RECORDED DATA ->
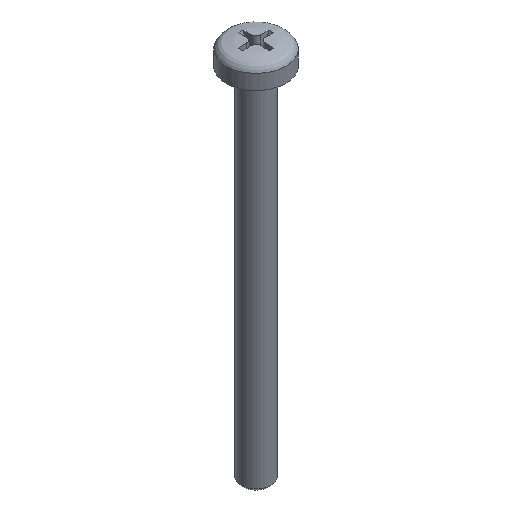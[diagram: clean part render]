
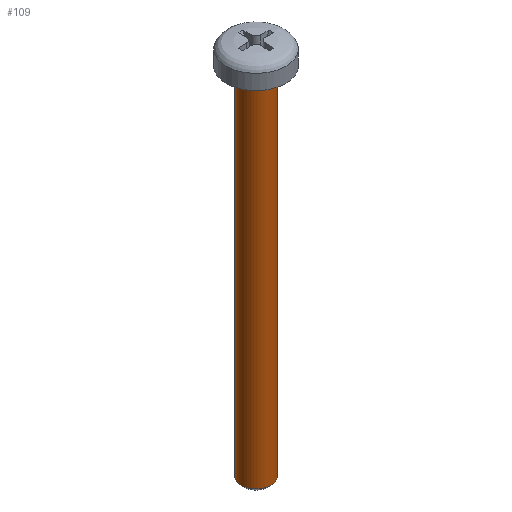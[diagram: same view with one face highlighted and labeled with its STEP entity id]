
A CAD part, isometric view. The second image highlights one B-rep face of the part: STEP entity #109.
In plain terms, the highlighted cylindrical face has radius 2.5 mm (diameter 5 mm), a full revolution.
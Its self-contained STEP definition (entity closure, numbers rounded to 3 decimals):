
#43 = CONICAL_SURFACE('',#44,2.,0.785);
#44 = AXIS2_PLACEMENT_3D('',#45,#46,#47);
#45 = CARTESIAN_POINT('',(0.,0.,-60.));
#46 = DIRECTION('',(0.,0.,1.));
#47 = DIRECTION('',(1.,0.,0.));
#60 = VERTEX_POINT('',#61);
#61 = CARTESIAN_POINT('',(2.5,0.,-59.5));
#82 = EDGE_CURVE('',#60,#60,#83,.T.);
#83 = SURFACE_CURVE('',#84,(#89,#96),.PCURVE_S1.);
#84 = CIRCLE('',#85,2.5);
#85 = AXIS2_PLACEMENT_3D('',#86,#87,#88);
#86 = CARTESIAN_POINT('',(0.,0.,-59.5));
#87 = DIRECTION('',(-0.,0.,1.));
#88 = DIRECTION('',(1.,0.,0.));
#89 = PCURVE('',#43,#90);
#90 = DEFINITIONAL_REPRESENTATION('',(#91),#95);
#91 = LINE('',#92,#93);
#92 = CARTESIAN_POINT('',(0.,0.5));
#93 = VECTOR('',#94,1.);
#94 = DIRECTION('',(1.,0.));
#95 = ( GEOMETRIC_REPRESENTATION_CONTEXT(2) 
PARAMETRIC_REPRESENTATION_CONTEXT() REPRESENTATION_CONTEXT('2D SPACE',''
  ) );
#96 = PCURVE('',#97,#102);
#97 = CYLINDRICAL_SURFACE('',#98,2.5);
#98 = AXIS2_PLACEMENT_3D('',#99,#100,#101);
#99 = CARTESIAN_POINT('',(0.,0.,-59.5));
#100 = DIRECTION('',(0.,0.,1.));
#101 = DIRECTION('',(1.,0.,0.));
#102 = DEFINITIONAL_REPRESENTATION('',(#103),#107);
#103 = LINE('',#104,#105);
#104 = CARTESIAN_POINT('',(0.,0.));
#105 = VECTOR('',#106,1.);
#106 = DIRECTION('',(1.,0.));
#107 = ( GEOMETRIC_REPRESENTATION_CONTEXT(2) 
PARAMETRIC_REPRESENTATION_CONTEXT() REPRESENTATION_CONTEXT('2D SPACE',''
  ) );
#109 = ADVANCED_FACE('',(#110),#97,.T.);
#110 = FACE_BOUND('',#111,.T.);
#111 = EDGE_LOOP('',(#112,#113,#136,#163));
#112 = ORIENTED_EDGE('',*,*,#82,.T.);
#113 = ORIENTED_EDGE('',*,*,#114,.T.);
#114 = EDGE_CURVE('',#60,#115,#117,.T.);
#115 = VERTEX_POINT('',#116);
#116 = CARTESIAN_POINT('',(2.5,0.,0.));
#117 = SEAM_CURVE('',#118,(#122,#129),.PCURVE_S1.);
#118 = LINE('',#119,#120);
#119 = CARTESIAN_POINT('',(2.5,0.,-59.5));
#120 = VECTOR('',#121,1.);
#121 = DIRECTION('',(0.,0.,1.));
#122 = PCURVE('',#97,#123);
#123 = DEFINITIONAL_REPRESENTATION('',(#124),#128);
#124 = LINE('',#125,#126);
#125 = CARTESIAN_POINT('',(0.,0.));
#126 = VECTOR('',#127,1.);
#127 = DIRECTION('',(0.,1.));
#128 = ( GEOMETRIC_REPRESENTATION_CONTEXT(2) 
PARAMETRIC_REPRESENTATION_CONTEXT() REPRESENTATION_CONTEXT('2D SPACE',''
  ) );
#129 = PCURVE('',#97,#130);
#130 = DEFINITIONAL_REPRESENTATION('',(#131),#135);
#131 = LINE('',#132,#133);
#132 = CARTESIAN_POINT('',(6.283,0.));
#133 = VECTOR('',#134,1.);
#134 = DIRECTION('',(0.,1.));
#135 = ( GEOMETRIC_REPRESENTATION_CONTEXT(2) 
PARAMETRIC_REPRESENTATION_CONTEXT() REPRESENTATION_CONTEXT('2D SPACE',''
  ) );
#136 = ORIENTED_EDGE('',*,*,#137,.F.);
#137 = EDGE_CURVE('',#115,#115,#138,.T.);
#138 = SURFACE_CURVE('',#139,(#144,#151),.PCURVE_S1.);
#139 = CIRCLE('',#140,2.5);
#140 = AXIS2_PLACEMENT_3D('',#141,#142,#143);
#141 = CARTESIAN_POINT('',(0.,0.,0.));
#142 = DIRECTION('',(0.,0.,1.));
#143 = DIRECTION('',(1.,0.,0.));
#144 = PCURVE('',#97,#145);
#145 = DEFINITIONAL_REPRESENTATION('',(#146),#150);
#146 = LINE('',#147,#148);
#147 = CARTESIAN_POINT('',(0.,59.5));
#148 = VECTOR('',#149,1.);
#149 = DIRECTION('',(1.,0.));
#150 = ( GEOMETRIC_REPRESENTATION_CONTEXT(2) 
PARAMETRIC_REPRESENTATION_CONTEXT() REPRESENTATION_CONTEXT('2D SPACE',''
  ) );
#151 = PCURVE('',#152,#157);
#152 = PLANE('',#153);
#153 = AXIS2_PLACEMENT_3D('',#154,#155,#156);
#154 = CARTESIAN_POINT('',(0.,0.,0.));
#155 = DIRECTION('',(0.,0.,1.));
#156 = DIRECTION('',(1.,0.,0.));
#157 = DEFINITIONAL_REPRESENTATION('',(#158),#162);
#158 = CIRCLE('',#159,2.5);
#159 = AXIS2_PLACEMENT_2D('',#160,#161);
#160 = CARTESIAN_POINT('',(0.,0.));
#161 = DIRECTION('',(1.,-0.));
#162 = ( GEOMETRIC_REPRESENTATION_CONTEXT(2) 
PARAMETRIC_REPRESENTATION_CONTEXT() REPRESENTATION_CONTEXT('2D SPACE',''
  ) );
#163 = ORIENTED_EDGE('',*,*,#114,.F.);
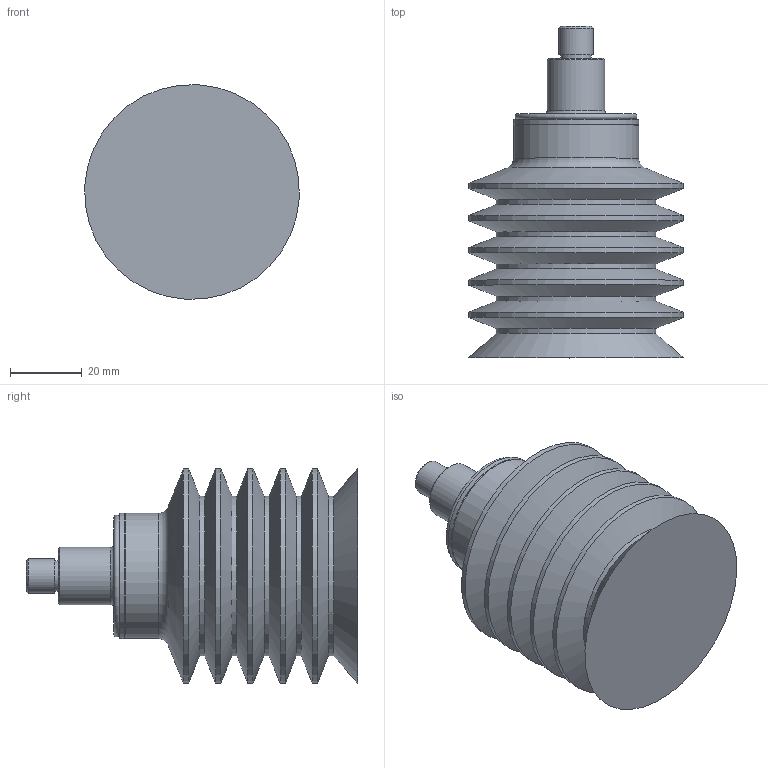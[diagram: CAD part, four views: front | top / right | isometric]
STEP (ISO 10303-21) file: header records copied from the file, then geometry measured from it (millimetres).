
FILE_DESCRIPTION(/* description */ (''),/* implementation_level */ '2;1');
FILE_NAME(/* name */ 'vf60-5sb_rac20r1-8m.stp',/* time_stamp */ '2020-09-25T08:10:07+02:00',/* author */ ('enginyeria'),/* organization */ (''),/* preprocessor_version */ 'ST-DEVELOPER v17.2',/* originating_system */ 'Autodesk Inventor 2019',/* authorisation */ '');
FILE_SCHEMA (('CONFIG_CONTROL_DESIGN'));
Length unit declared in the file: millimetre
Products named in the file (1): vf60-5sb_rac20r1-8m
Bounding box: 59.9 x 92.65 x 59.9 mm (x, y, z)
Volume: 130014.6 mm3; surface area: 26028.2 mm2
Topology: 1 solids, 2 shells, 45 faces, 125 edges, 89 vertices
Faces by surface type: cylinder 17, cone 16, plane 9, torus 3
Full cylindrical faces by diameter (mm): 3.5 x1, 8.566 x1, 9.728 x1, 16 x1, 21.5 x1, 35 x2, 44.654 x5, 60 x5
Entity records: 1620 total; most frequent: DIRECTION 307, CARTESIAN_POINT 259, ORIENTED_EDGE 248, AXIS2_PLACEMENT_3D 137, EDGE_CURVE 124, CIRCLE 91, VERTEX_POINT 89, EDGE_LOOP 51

YOUR GOAL -> Give exactly those lines of the listing that run from its first line through the line with "#84 = CIRCLE('',#85,2.5);", leaving each picture out.

REPLY TO THE TASK ->
[diagram: clean part render]
[diagram: same view with one face highlighted and labeled with its STEP entity id]
A CAD part, isometric view. The second image highlights one B-rep face of the part: STEP entity #109.
In plain terms, the highlighted cylindrical face has radius 2.5 mm (diameter 5 mm), a full revolution.
Its self-contained STEP definition (entity closure, numbers rounded to 3 decimals):
#43 = CONICAL_SURFACE('',#44,2.,0.785);
#44 = AXIS2_PLACEMENT_3D('',#45,#46,#47);
#45 = CARTESIAN_POINT('',(0.,0.,-60.));
#46 = DIRECTION('',(0.,0.,1.));
#47 = DIRECTION('',(1.,0.,0.));
#60 = VERTEX_POINT('',#61);
#61 = CARTESIAN_POINT('',(2.5,0.,-59.5));
#82 = EDGE_CURVE('',#60,#60,#83,.T.);
#83 = SURFACE_CURVE('',#84,(#89,#96),.PCURVE_S1.);
#84 = CIRCLE('',#85,2.5);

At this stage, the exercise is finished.